888 Holdings Pushes On With Its Bwin-party Acquisition Schedule

Friday statement deals with administrative arrangements

Whilst the victor in the 888-GVC bidding war for Bwin-Party has still to be decided, 888 Holdings pushed ahead with its plans Friday, issuing a stock exchange statement outlining its schedule in the event of a successful outcome, although the header incorporates a caution that investors should not make any decision in relation to the new 888 shares except on the basis of information in a prospectus and scheme document.
Headed "Recommended offer for bwin.party digital entertainment plc by 888 Acquisitions Limited, a subsidiary of 888 Holdings plc Publication of Scheme Document, Prospectus and Circular" the statement confirms that on the boards of 888 and bwin.party announced the recommended offer for bwin.party by 888 Acquisitions, to be implemented by means of a scheme of arrangement under Part VIII of the Gibraltar Companies Act 2014 (The Scheme).
It goes on to advise that the boards of 888 and bwin.party announce that the circular in relation to the Scheme, the class 1 circular in relation to the 888 offer, and a prospectus in relation to the new ordinary shares in the capital of 888 to be allotted and issued to the shareholders of bwin.party was published Friday.
888 shareholders will shortly receive a copy of the 888 Circular and the Prospectus, on which the 888 General Meeting will be held on at 5 p.m. (Gibraltar time) at 888's offices to allow 888 shareholders to vote on the resolutions required to approve and implement the offer and related matters.
The statement advises further that Bwin-Party shareholders will also receive documents relating to the offer, giving them information on the full terms and conditions of the Scheme; an explanatory statement in compliance with Part VIII of the Gibraltar Companies Act 2014; notices of the required meetings of bwin.party shareholders; and an indicative timetable of principal events and details of the action to be taken by bwin.party Shareholders.

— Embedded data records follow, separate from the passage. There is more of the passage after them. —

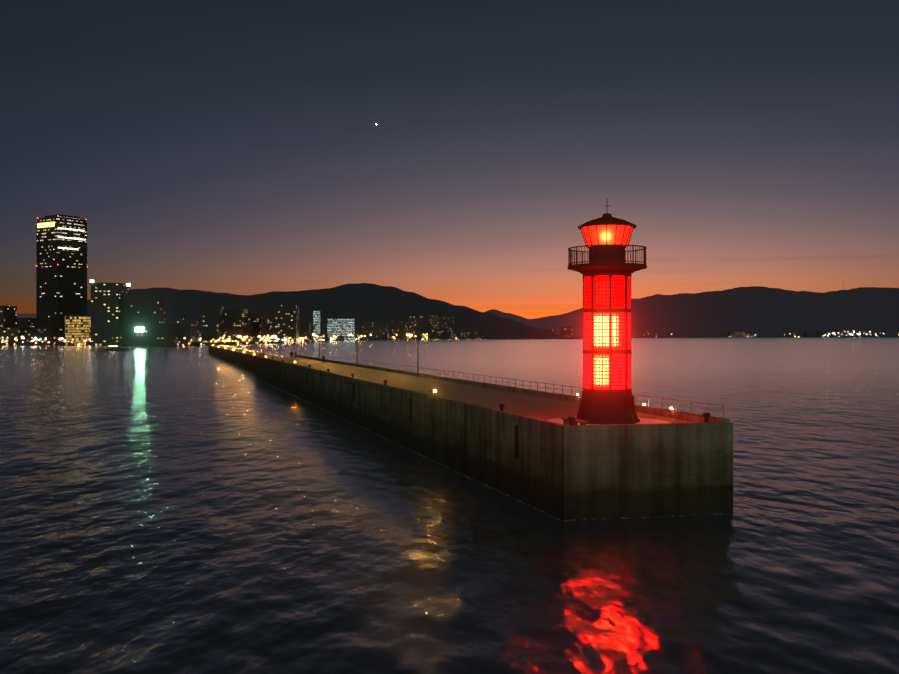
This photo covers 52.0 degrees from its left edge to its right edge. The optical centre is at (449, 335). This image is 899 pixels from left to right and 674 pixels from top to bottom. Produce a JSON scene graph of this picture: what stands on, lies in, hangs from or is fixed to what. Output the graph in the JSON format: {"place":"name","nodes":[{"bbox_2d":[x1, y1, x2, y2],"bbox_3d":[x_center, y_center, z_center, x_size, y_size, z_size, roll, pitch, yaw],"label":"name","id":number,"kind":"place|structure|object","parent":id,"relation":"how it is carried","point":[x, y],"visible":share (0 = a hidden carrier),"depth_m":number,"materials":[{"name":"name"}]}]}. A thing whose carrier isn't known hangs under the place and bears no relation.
{"place":"outdoors","nodes":[
{"label":"outdoors","id":0,"kind":"place"},
{"bbox_2d":[17,313,35,317],"bbox_3d":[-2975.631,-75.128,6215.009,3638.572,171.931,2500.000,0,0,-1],"label":"hill","id":1,"kind":"structure","parent":0,"point":[26,315],"depth_m":5643.06,"materials":[{"name":"black"}]},
{"bbox_2d":[135,326,144,345],"bbox_3d":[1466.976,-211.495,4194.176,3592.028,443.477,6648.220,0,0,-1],"label":"flood mast and antenna","id":2,"kind":"object","parent":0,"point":[140,332],"visible":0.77,"depth_m":849.29,"materials":[{"name":"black metal"}]},
{"bbox_2d":[87,283,582,338],"bbox_3d":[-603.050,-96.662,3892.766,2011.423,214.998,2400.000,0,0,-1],"label":"hill","id":3,"kind":"structure","parent":0,"point":[359,303],"depth_m":3130.39,"materials":[{"name":"black"}]},
{"bbox_2d":[0,337,776,345],"bbox_3d":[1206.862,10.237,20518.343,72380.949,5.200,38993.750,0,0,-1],"label":"coast land","id":4,"kind":"structure","parent":0,"point":[213,342],"depth_m":1125.50,"materials":[{"name":"black"}]},
{"bbox_2d":[36,214,87,341],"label":"skyscraper","id":5,"kind":"structure","parent":4,"relation":"on","point":[61,267],"depth_m":1136.65,"materials":[{"name":"black glass"}]},
{"bbox_2d":[0,283,820,345],"bbox_3d":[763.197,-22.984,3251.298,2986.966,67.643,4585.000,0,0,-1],"label":"city buildings","id":6,"kind":"structure","parent":4,"relation":"on","point":[119,312],"depth_m":1208.34,"materials":[{"name":"grey"}]},
{"bbox_2d":[0,327,898,345],"bbox_3d":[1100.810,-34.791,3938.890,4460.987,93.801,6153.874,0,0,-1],"label":"shore lights","id":7,"kind":"object","parent":4,"relation":"on","point":[64,340],"visible":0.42,"depth_m":1245.74},
{"bbox_2d":[0,337,898,673],"bbox_3d":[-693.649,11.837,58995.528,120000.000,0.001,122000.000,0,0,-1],"label":"sea water","id":8,"kind":"structure","parent":0,"point":[182,511],"depth_m":55.04,"materials":[{"name":"black liquid"}]},
{"bbox_2d":[103,338,129,350],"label":"harbour boat","id":9,"kind":"object","parent":8,"relation":"on","point":[112,346],"visible":1,"depth_m":694.82,"materials":[{"name":"grey"}]},
{"bbox_2d":[209,345,732,519],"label":"breakwater","id":10,"kind":"object","parent":8,"relation":"in","point":[570,472],"visible":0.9,"depth_m":62.78,"materials":[{"name":"concrete"}]},
{"bbox_2d":[226,334,418,376],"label":"street lamps","id":11,"kind":"object","parent":10,"relation":"on","point":[319,350],"visible":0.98,"depth_m":176.86,"materials":[{"name":"black metal"}]},
{"bbox_2d":[261,360,518,471],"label":"ladders","id":12,"kind":"object","parent":10,"relation":"attached to","point":[516,433],"visible":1,"depth_m":78.25,"materials":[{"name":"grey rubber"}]},
{"bbox_2d":[221,344,723,418],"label":"railing","id":13,"kind":"object","parent":10,"relation":"on","point":[282,355],"visible":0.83,"depth_m":98.41,"materials":[{"name":"grey metal"}]},
{"bbox_2d":[263,357,698,422],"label":"pier walkway","id":14,"kind":"structure","parent":10,"relation":"on","point":[541,408],"depth_m":96.26,"materials":[{"name":"grey concrete"}]},
{"bbox_2d":[263,356,710,424],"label":"lights","id":15,"kind":"object","parent":14,"relation":"on","point":[705,415],"visible":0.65,"depth_m":62.06,"materials":[{"name":"grey metal"}]},
{"bbox_2d":[561,417,588,424],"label":"bollards","id":16,"kind":"object","parent":14,"relation":"on","point":[566,421],"visible":0.54,"depth_m":61.16,"materials":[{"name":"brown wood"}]},
{"bbox_2d":[546,417,669,424],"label":"lighthouse base slab","id":17,"kind":"structure","parent":14,"relation":"on","point":[642,421],"depth_m":64.97,"materials":[{"name":"concrete"}]},
{"bbox_2d":[568,213,646,424],"bbox_3d":[11.065,-1.773,64.754,5.500,15.720,5.500,0,0,-1],"label":"lighthouse","id":18,"kind":"object","parent":17,"relation":"on","point":[607,396],"visible":1,"depth_m":63.34,"materials":[{"name":"red paint"}]},
{"bbox_2d":[275,387,718,520],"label":"sea foam","id":19,"kind":"object","parent":8,"relation":"on","point":[481,482],"visible":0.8,"depth_m":72.55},
{"bbox_2d":[0,0,898,318],"label":"sky","id":20,"kind":"structure","parent":0,"point":[237,147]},
{"bbox_2d":[486,309,642,336],"bbox_3d":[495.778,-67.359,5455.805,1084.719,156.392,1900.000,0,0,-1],"label":"hill ridge","id":21,"kind":"structure","parent":0,"point":[557,323],"depth_m":4893.21,"materials":[{"name":"black"}]},
{"bbox_2d":[547,286,898,336],"bbox_3d":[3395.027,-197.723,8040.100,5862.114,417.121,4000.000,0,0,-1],"label":"mountains","id":22,"kind":"structure","parent":0,"point":[759,311],"depth_m":6604.50,"materials":[{"name":"black"}]}
]}

"As set out in the Scheme Document, in order to become effective, the Scheme will require, amongst other things, the approval of bwin.party Shareholders at the bwin.party Court Meeting representing not less than 75 percent in value of the Scheme Shares voted," the statement advises.
"The bwin.party Court Meeting and the bwin.party General Meeting will each be held at The Caleta Hotel, Catalan Bay, Gibraltar at 11 am Gibraltar time on to allow bwin.party Shareholders to vote on the resolutions required to approve and implement the Scheme and the Offer."
In addition to shareholder approval, the statement notes that a deal is conditional on the satisfaction of certain anti-trust and regulatory conditions, receipt of a decision from the UKLA to admit the New 888 Shares to the UKLA Official List with a premium listing and a decision from the London Stock Exchange to admit the New 888 Shares to trading on the main market of the London Stock Exchange and the sanction of the Scheme by the Court as further set out in the Scheme Document.
The statement ends with a detailed timetable of events through to February 2016.